HOW TO COMPLETE THIS TASK: Copy out each line of the data that contains "heeft".

SUPPLIED RECORDS:
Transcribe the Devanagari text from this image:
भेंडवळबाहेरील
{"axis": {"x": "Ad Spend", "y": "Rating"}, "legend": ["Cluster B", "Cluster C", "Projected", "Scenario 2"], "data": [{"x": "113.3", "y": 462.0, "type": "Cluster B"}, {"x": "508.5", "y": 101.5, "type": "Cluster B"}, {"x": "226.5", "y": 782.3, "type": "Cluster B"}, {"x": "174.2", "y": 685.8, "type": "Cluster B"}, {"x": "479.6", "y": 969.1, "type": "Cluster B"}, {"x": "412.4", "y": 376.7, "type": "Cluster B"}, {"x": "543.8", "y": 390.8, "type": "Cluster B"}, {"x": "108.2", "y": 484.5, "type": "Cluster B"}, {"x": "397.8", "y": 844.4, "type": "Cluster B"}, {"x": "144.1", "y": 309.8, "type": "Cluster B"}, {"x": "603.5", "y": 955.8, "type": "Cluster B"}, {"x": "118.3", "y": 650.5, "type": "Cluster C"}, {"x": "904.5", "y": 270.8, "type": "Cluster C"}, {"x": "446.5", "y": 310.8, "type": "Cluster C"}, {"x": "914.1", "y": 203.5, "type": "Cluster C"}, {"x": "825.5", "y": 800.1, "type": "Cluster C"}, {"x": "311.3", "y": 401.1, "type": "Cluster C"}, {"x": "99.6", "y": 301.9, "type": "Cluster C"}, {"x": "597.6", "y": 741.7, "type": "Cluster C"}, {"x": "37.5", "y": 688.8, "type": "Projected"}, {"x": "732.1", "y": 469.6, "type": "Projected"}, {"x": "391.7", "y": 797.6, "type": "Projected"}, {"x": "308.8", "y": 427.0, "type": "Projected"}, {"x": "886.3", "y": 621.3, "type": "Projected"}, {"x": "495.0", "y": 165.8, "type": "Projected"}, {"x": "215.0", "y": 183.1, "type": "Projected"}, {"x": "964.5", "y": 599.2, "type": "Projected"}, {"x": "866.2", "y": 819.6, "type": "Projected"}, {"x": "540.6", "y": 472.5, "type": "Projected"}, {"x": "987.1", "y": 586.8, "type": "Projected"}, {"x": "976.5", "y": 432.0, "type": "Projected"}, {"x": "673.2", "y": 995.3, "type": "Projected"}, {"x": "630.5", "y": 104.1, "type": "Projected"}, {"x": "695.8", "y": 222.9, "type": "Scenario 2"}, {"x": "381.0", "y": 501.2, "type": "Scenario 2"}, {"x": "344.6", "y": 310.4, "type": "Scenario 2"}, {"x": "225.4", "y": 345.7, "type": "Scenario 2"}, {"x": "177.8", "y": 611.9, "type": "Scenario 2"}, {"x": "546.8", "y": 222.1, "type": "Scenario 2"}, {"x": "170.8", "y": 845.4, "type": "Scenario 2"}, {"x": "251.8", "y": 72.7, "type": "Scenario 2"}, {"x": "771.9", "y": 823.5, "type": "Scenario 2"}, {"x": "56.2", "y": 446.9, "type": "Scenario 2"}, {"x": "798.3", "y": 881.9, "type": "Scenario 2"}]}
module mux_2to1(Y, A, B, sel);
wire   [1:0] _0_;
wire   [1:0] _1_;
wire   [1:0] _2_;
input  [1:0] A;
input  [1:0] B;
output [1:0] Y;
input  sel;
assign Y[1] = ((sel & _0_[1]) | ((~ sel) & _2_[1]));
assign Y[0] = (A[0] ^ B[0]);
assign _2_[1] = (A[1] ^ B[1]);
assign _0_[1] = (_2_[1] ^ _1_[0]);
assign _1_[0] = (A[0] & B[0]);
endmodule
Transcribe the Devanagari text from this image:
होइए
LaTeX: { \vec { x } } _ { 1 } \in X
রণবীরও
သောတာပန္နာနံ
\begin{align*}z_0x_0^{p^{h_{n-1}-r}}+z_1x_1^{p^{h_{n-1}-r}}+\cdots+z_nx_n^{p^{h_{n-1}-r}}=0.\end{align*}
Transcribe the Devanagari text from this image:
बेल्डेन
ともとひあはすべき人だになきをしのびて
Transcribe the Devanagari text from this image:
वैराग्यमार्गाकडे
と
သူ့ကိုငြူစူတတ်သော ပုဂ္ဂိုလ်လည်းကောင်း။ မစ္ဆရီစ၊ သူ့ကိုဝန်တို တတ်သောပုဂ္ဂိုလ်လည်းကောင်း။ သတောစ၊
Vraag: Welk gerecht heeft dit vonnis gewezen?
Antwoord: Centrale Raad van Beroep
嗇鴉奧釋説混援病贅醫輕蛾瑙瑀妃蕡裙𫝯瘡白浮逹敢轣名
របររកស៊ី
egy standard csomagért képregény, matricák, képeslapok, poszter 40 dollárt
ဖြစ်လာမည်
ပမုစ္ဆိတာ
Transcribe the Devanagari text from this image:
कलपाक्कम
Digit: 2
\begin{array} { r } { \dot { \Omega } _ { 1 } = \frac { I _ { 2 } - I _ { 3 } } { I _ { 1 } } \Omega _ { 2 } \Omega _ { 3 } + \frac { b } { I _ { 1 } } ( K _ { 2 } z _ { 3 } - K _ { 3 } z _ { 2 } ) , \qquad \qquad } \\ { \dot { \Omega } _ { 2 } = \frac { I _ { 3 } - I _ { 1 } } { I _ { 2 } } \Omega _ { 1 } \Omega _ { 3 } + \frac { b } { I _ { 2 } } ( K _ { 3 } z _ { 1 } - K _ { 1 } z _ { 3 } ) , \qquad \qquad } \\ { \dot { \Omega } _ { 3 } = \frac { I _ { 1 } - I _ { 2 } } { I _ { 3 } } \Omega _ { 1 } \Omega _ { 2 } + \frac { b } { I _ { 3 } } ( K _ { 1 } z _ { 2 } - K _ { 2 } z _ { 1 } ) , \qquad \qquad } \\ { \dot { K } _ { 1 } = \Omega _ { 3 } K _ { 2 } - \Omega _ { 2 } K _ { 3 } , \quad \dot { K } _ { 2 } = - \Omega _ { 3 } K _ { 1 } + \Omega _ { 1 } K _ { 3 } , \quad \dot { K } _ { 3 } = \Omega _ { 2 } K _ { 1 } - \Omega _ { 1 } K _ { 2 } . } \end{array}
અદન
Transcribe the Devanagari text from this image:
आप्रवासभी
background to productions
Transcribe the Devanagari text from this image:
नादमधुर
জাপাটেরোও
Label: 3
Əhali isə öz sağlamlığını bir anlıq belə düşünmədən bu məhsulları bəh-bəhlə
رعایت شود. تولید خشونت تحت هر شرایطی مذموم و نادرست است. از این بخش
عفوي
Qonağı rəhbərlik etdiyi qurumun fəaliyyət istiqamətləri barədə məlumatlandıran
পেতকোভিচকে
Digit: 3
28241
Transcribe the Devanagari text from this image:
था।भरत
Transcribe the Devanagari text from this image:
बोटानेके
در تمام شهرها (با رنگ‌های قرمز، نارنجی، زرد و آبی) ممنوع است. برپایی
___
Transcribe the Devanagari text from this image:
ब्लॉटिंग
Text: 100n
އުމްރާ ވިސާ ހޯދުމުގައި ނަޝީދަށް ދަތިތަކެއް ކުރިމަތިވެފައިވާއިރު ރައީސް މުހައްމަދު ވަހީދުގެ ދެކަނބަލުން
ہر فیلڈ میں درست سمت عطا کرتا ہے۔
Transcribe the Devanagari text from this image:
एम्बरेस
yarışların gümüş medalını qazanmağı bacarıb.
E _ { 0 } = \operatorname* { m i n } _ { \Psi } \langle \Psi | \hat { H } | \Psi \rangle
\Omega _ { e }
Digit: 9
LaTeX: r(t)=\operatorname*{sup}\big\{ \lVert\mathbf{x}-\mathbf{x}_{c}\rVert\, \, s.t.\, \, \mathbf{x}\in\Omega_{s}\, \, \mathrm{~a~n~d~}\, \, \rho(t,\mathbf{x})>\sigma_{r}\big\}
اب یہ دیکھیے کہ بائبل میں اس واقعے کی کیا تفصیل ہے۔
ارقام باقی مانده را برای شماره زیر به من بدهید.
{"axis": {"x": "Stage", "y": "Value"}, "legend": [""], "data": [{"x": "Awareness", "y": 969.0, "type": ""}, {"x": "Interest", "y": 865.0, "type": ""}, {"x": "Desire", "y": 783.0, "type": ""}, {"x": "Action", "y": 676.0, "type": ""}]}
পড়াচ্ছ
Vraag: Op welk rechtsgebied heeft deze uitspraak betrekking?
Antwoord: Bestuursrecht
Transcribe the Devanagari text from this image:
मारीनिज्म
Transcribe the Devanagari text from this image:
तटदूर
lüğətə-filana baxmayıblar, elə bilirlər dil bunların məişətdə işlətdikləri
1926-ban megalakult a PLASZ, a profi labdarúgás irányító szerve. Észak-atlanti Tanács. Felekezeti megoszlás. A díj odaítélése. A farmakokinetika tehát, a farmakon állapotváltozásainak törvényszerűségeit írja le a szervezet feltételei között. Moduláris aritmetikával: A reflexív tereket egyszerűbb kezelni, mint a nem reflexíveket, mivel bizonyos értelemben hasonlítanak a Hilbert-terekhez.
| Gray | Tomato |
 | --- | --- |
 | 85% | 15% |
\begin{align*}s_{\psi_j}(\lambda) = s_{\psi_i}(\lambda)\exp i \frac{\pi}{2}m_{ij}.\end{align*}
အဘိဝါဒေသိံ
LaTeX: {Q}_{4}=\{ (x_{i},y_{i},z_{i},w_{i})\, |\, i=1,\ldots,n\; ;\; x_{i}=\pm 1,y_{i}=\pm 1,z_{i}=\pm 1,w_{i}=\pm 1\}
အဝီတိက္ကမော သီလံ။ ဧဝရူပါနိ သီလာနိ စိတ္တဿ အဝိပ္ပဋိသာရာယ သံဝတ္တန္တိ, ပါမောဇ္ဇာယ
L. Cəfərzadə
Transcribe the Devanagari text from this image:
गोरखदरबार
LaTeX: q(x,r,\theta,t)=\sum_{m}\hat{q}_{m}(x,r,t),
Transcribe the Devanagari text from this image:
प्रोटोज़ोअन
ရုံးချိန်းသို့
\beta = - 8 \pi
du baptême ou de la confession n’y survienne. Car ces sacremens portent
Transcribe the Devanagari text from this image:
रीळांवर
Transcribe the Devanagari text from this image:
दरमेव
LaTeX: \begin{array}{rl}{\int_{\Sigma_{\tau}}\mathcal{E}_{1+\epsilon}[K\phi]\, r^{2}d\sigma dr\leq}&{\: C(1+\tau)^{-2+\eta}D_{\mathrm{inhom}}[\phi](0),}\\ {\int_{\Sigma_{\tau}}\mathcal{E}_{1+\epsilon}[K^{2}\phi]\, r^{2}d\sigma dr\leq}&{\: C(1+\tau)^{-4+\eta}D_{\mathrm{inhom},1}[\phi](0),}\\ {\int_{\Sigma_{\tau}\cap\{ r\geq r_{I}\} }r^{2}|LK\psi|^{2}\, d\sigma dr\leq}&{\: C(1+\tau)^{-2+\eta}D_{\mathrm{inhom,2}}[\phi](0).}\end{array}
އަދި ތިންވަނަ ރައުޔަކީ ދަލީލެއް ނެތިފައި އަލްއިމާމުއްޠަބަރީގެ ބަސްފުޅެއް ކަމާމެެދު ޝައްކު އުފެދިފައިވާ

ANSWER:
Vraag: Welk gerecht heeft dit vonnis gewezen?
Vraag: Op welk rechtsgebied heeft deze uitspraak betrekking?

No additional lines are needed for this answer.